This seminar examines how Native Americans, Spaniards, Mexicans, Americans and Mexican Americans have contributed to the shaping of the region encompassing the present border between the U.S. and Mexico. The course will consider demographic, economic, social, political and cultural aspects of the peoples who have inhabited and interacted in this area since the 16th century to approximately the present (ca 2010). Transnational themes that we shall consider include the following: Spanish and American colonization, the Mexican-American War, the 1910 Mexican Revolution, the evolution of frontier societies on each side of the border since the Treaty of Guadalupe (1848), and post-World War II developments. The class will thus address historical processes relating to migration, economic change and state formation, as discourses concerned with individual and group identities are reviewed. Students should have some knowledge of 19th and 20th century American or Mexican history. The course fulfills the advanced seminar requirement for the major and minor, as well as .5 unit of the core course requirement of the Latino/a Studies Concentration. Prerequisite: sophomore standing. Offered every other year.

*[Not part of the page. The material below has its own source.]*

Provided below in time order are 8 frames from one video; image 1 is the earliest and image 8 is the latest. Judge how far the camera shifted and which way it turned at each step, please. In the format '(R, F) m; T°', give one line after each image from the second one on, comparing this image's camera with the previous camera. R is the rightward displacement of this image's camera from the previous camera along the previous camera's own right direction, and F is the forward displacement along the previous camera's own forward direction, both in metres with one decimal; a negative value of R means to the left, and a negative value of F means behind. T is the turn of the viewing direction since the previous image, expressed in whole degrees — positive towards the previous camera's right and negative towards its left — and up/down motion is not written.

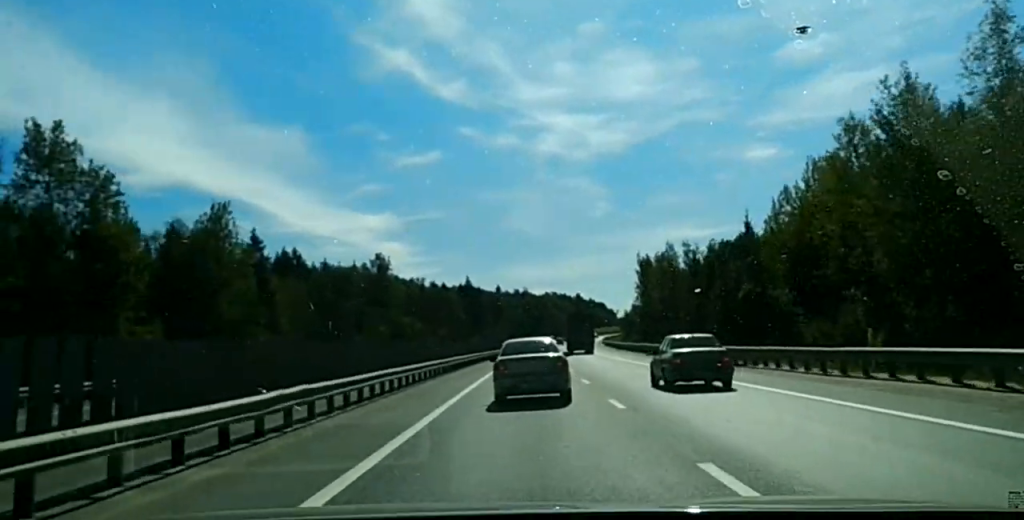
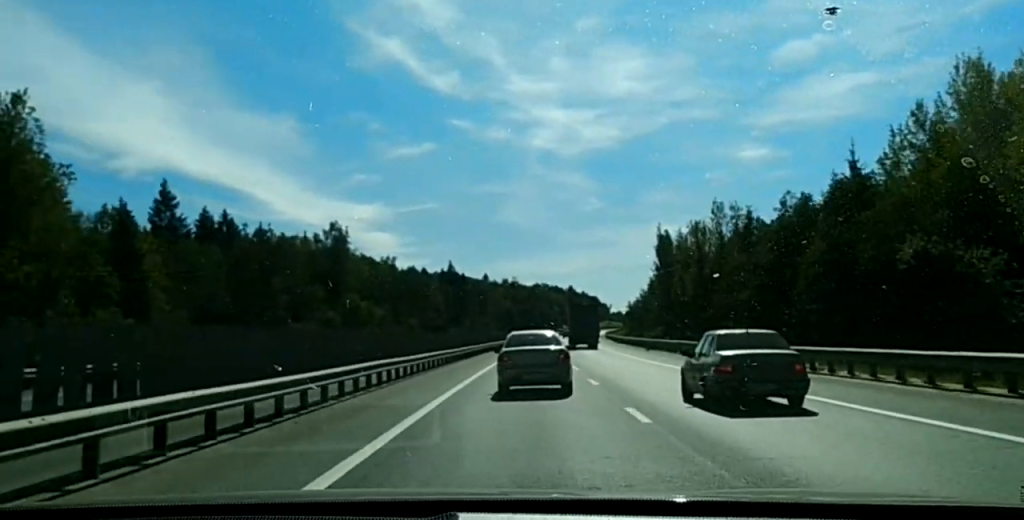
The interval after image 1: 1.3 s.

Popular conceptions of globalization often allude to the growing magnitude of global flows and the stunning rapidity with which capital, commodities, culture, information and people now cross national borders. From this characterization, one might conclude that national borders and indeed nation-states themselves are becoming increasingly porous and irrelevant as sources or sites of social regulation and control. This course examines the material reality of border regions and movement across them as a means of interrogating these assumptions and exposing how globalization rescales and reconfigures power differentials in human society but does not eliminate them. It scrutinizes technological, economic, political and ideological forces that facilitate border crossings for some groups of people under particular circumstances, then explores the seemingly contradictory tendency toward border fortification. Topics include: regional trade integration and political economy of border regions; the global sex trade and illegal trafficking of economic migrants; global civil society and sanctuary movements; paramilitary and vigilante border patrols; and the technology of surveillance. This course includes a required off-campus experiential component at the U.S.-Mexico border that takes place during the first week of spring break. This course counts toward the "institutions and change" requirement for the major. Prerequisite: 100-level sociology course or permission of instructor. Offered every other year.
Cultural productions of the U.S.A.–Mexico borderlands is a vast field often underrepresented in undergraduate curricula. Even so, the contributions of writers and artists of the borderlands to literature, visual and public art, cultural theory and political activism are among the richest in the U.S. This course introduces the Mesoamerican concept of nepantla, the ancient philosophy of dwelling in the existential middle space, as an anchor to examine the literature and cultural productions of the U.S.A.-Mexico borderlands. An interdisciplinary methodology combining history, literary analysis, and visual studies, engages with the emancipated selves that Chicanos/as produce at the junction of transnational capitalism, colonial expansion and globalization. This focus on the disruption of global technologies of exclusion, domination, and control offers students the opportunity to look beyond local histories to see new asymmetries produced by transnational systems in the era of globalization. Students will examine how Chicanos, empowered by the rich traditions of their indigenous iconographies, expose the failure of these systems that claim to pursue the betterment of all, while actually remaining indifferent to, or possibly ignorant of, the poor of color and the poor around the globe. Themes explored in the course include: the politics of representation in the borderlands, globalization and the colonial legacies of modernity, and nuanced conceptualizations of transnational borderlands through works by Gloria Anzaldúa, Sandra Cisneros, Guillermo Gómez Peña, Luis Alberto Urrea, Consuelo Jiménez Underwood, Ester Hernández, Alma Lopez, David Botello, and Gregorio Nava. Readings and class discussion will be in English but students may choose to read and write in Spanish when primary and secondary sources are available. Another objective of this course is to offer students opportunities to learn through community engaged-learning. This course fulfills the core course requirement for the Latina/o Studies Concentration. It also counts towards the major in American Studies, International Studies, Women and Gender Studies, Religious Studies and Spanish Area Studies.
This course examines the impact of globalization on feminist discourses that describe the cross-cultural experiences of women. Transnational feminist theories and methodologies destabilize Western feminisms, challenging notions of subjectivity and place and their connections to experiences of race, class, and gender. The course builds on four key concepts: development, democratization, cultural change and colonialism. Because transnational feminisms are represented by the development of women's global movements, the course will consider examples of women's global networks and the ways in which they destabilized concepts such as citizenship and rights. We also will examine how transnational feminisms have influenced women's productions in the fields of literature and art. Key questions include: How does the history of global feminisms affect local women's movements? What specific issues have galvanized women's movements across national and regional borders? How do feminism and critiques of colonialism and imperialism intersect? What role might feminist agendas play in addressing current global concerns? How do transnational feminisms build and sustain communities and connections to further their agendas? Prerequisite: Any WGS course or permission of instructor. Offered every other year.